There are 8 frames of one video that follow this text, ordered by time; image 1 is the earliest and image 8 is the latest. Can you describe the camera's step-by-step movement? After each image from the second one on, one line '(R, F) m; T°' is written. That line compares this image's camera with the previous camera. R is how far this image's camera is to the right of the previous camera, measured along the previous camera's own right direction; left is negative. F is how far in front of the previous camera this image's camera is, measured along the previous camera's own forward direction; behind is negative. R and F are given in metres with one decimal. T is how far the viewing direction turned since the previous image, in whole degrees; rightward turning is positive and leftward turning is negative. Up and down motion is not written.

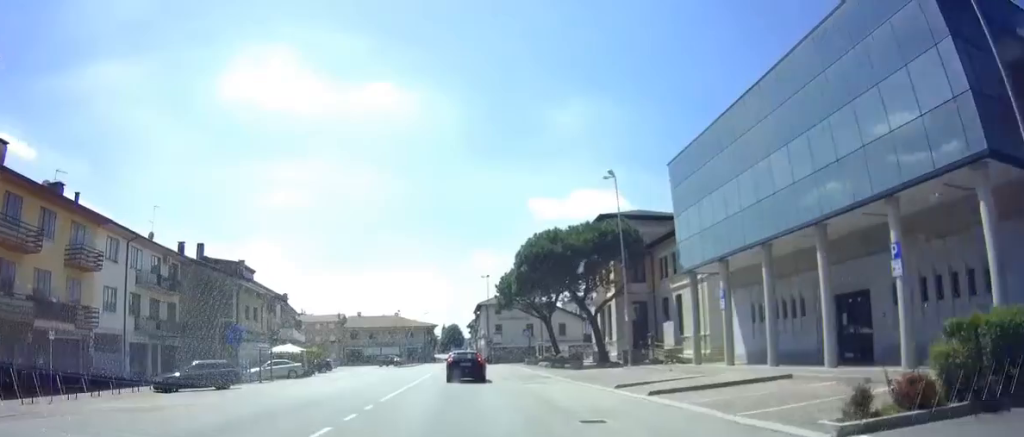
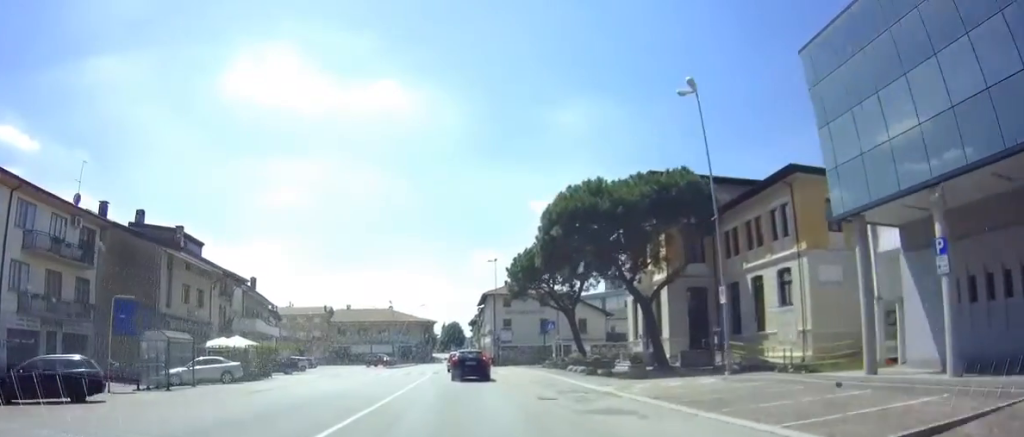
(+0.3, +11.6) m; 0°
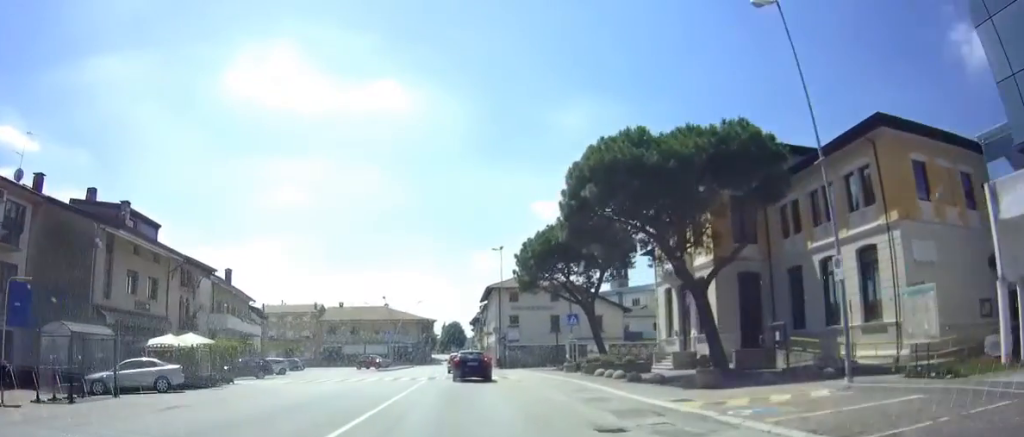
(-0.1, +7.2) m; -1°
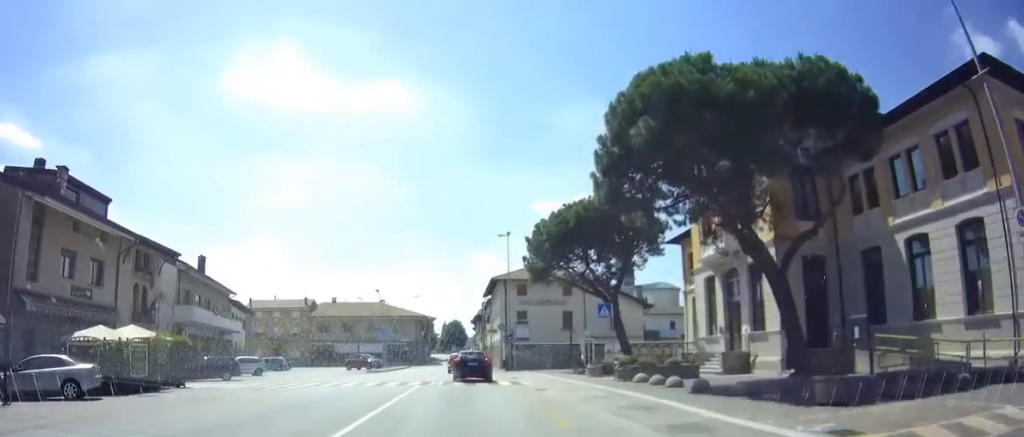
(-0.1, +5.5) m; -1°
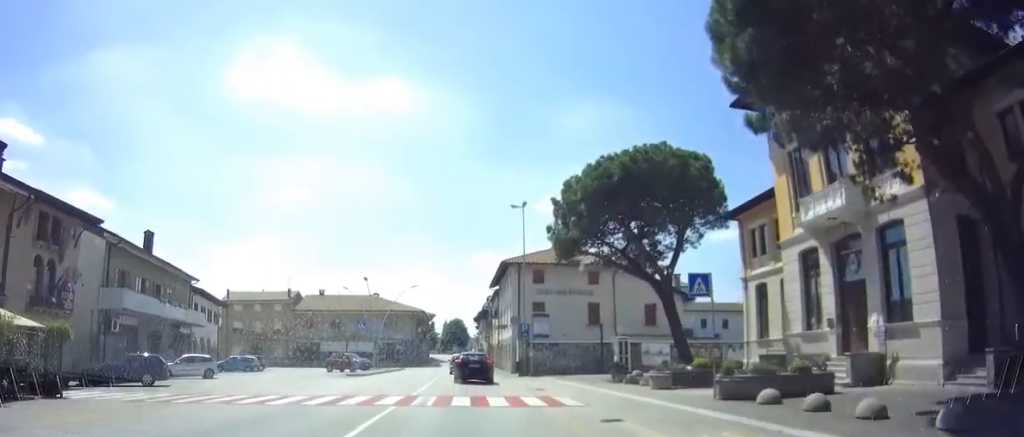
(-0.1, +9.0) m; 0°
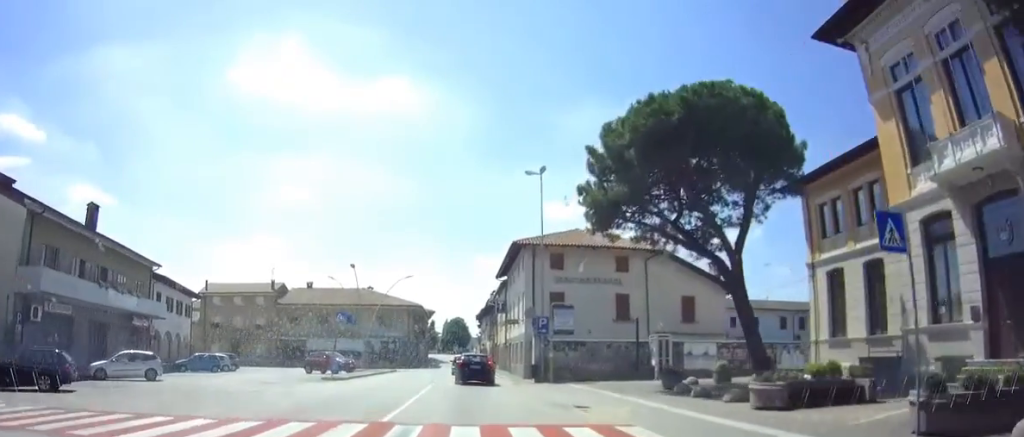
(0.0, +7.4) m; 0°
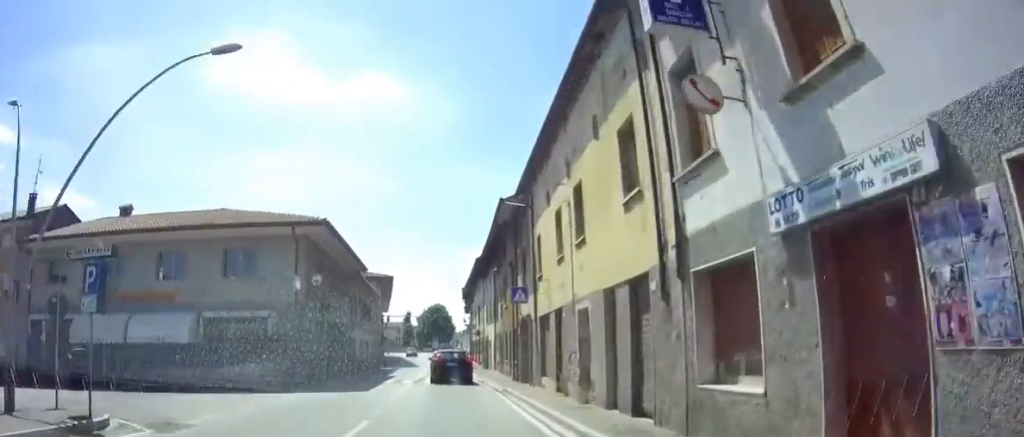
(+1.0, +37.9) m; +2°
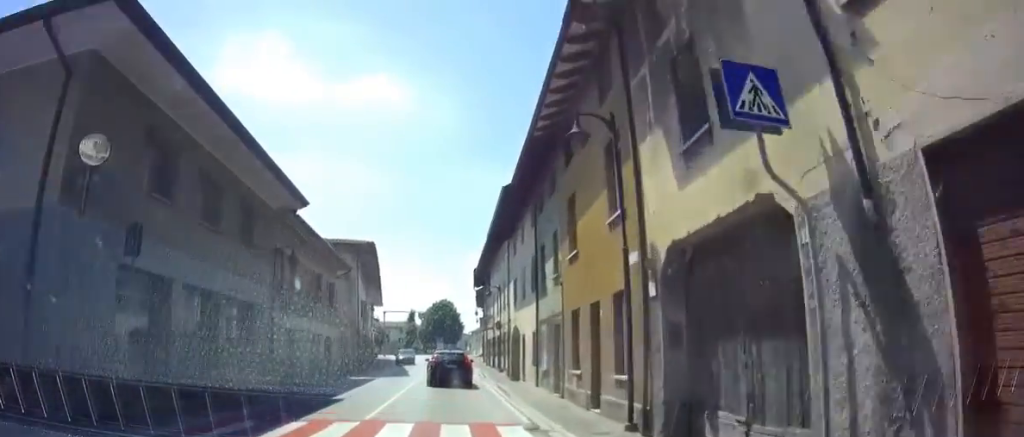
(+0.3, +16.9) m; 0°

> _What is being asked_: Return each line above word for word. Skip the pictures.

> _Solution to the problem_:
There are 8 frames of one video that follow this text, ordered by time; image 1 is the earliest and image 8 is the latest. Can you describe the camera's step-by-step movement? After each image from the second one on, one line '(R, F) m; T°' is written. That line compares this image's camera with the previous camera. R is how far this image's camera is to the right of the previous camera, measured along the previous camera's own right direction; left is negative. F is how far in front of the previous camera this image's camera is, measured along the previous camera's own forward direction; behind is negative. R and F are given in metres with one decimal. T is how far the viewing direction turned since the previous image, in whole degrees; rightward turning is positive and leftward turning is negative. Up and down motion is not written.

(+0.3, +11.6) m; 0°
(-0.1, +7.2) m; -1°
(-0.1, +5.5) m; -1°
(-0.1, +9.0) m; 0°
(0.0, +7.4) m; 0°
(+1.0, +37.9) m; +2°
(+0.3, +16.9) m; 0°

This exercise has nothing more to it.